The three labs I’m suggesting to merge were chosen not just because they are leaders, but because each has a specialty. OpenAI is the best at building transformer-based Large Language Models (LLMs) trained by self-supervised learning, supervised learning, and Reinforcement Learning with Human Feedback (RLHF). Many competitors are catching up to ChatGPT, but OpenAI remains ahead with their series of GPT-4 upgrades and GPT-5 on the horizon (possibly this year!). DeepMind is the leader in reinforcement learning, as demonstrated by the achievements of AlphaZero and AlphaFold.

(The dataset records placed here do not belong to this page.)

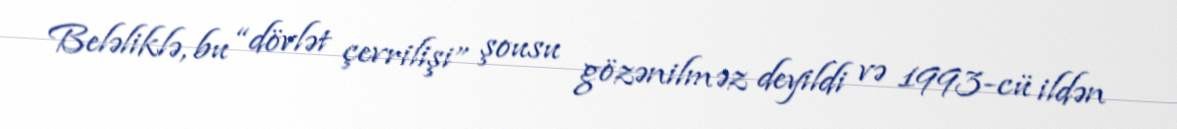
Beləliklə, bu “dövlət çevrilişi” şousu gözənilməz deyildi və 1993-cü ildən
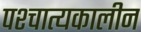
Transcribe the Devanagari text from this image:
पश्चात्यकालीन
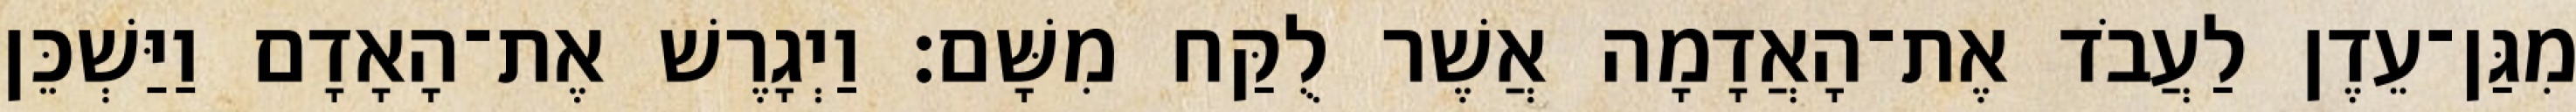
מִגַּן־עֵדֶן לַעֲבֹד אֶת־הָאֲדָמָה אֲשֶׁר לֻקַּח מִשָּׁם׃ וַיְגָרֶשׁ אֶת־הָאָדָם וַיַּשְׁכֵּן

Anthropic is the leader in safety research with their pioneering work in mechanistic interpretability, which is how we can know what an LLM is thinking.
As we enter the year of agents in 2025, the world will be shocked by AI systems that prompt themselves to accomplish complex goals over time. These systems will benefit from radical increases in their ability to remember what happened as they ran. The era of huge training runs followed by a period of consumer usage will give way to the era of continuous learning. This is the perfect time to marry the transformer LLM architecture with reinforcement learning that can keep the system aligned to its goals as it learns. Of course, we’d like AI system evolution to happen safely and transparently. The marriage of OpenAI, DeepMind, and Anthropic brings the world’s best researchers together to steward these systems to safe human-level capabilities and beyond.

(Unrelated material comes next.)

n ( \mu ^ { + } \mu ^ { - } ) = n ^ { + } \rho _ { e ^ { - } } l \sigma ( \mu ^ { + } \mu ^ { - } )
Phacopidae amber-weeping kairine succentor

Since it’s unlikely the money people involved with these companies will unite voluntarily, we need to look for other options. One possibility is a shotgun wedding. Unfortunately, the corrupt US government, were it actually aware of what’s going on in AI, would probably not want to interfere with the monied interests.

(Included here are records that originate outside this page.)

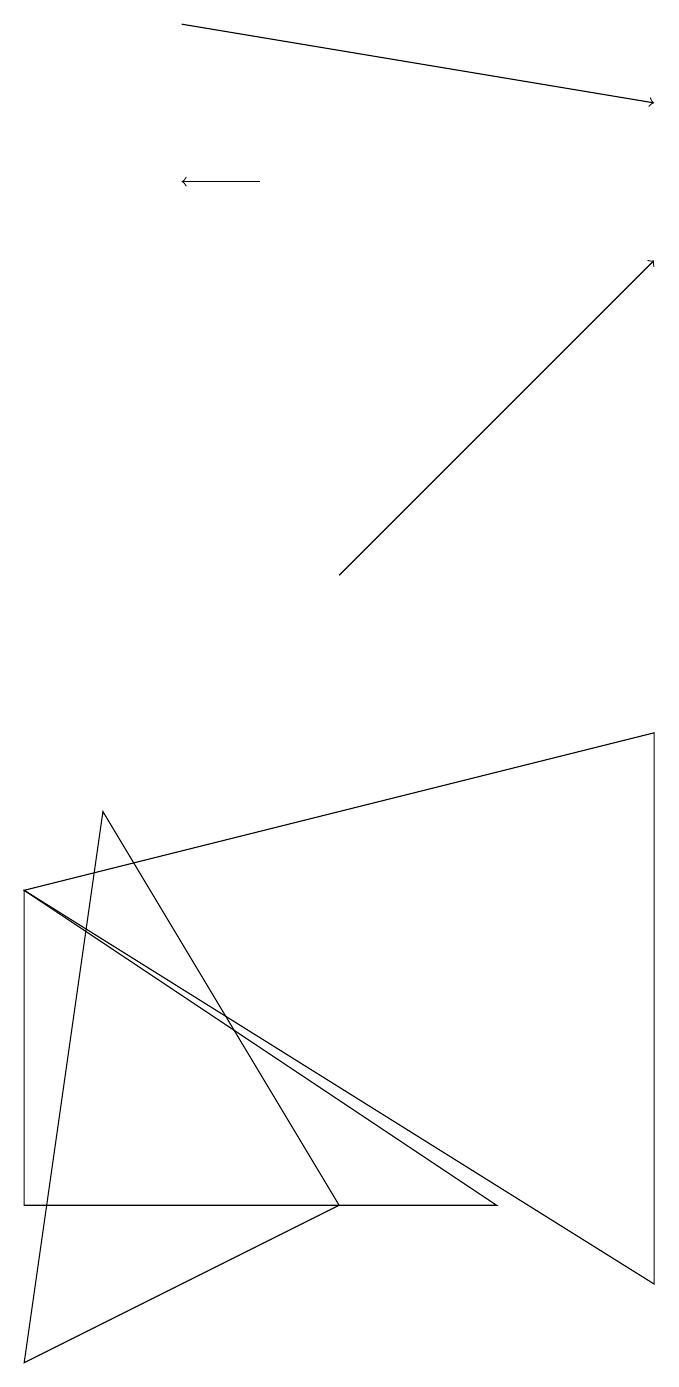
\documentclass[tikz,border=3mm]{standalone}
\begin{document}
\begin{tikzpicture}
\draw[->] (2,17) -- (8,16);
\draw[->] (3,15) -- (2,15);
\draw (0,0) -- (4,2) -- (1,7) -- cycle;
\draw (8,1) -- (8,8) -- (0,6) -- cycle;
\draw (0,2) -- (0,6) -- (6,2) -- cycle;
\draw[->] (4,10) -- (8,14);
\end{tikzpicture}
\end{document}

Probably the best hope is for the AI researchers themselves, who have all of the actual power in this drama, to free themselves from the lure of money and to unite under a truly safety aligned banner. What good is a million dollar salary if you end up contributing to human extinction? Tech companies are increasingly sidestepping the complexity of mergers and acquisitions with the “acquihire” approach of hiring away all of the important people, leaving a husk of a company behind. A variant of this, perhaps called quitfluencing (combining quitting with both influencing and confluence) could emerge as the solution. Perhaps the key players could crystallize around the nucleus of Ilya Sutskever’s Safe Superintelligence. Sutskever is the latest principal to leave OpenAI over disagreements with Sam Altman about the company’s direction.
What does all this have to do with you? Since nobody in power will support the idea of a cooperative effort, it’s up to us. Learn about AI alignment and spread awareness. Discuss the idea of an urgent confluence of key talent that drains the for-profit monsters of the human talent they need. This may be our last chance, in this final era where human intelligence actually matters.